TASK DIRECTIONS — Go through the entries below from the first line and output each one exactly, up to and including the line with "des Landwirtschaftsausschusses erkennen".

:: GIVEN RECORDS

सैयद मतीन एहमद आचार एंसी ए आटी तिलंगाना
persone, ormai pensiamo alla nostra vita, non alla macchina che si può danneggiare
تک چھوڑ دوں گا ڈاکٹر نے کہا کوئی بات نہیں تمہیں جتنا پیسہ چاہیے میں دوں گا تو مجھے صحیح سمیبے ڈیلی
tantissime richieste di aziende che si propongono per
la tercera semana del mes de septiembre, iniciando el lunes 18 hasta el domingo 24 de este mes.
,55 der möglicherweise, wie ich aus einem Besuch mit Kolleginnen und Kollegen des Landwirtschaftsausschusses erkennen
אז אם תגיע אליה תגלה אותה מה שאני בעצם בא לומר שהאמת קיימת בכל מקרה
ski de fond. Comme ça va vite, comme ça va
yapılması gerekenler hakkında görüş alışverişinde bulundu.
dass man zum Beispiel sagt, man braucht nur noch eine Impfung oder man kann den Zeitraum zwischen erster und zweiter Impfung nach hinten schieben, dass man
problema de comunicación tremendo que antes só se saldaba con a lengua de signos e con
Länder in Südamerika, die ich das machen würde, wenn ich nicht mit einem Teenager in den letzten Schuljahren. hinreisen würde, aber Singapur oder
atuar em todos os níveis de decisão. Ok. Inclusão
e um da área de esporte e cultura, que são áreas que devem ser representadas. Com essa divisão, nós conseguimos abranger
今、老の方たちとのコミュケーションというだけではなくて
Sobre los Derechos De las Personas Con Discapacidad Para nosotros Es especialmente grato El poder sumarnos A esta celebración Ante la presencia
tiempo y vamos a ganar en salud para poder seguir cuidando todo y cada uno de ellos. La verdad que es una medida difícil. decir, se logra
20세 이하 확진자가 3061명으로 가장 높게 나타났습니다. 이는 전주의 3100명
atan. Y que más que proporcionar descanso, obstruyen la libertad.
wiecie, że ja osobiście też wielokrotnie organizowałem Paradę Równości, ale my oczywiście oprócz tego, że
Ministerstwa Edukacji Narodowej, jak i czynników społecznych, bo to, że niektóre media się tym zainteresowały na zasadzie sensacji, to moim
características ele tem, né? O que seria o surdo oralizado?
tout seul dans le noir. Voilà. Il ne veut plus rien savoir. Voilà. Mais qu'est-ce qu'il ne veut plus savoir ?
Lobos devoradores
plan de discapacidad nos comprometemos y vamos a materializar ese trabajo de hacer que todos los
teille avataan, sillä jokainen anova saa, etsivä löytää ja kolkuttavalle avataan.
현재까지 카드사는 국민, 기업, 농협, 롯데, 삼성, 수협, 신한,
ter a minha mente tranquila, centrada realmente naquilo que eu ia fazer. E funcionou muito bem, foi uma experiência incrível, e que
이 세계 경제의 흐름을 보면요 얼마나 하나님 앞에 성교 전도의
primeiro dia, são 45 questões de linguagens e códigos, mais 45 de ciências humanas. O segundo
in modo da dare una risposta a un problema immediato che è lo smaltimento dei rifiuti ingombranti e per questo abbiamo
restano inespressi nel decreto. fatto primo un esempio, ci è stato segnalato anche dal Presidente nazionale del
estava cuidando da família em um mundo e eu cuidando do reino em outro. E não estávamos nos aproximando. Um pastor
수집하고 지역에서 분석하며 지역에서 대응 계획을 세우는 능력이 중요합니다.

::::

REPLY TO THE TASK —
सैयद मतीन एहमद आचार एंसी ए आटी तिलंगाना
persone, ormai pensiamo alla nostra vita, non alla macchina che si può danneggiare
تک چھوڑ دوں گا ڈاکٹر نے کہا کوئی بات نہیں تمہیں جتنا پیسہ چاہیے میں دوں گا تو مجھے صحیح سمیبے ڈیلی
tantissime richieste di aziende che si propongono per
la tercera semana del mes de septiembre, iniciando el lunes 18 hasta el domingo 24 de este mes.
,55 der möglicherweise, wie ich aus einem Besuch mit Kolleginnen und Kollegen des Landwirtschaftsausschusses erkennen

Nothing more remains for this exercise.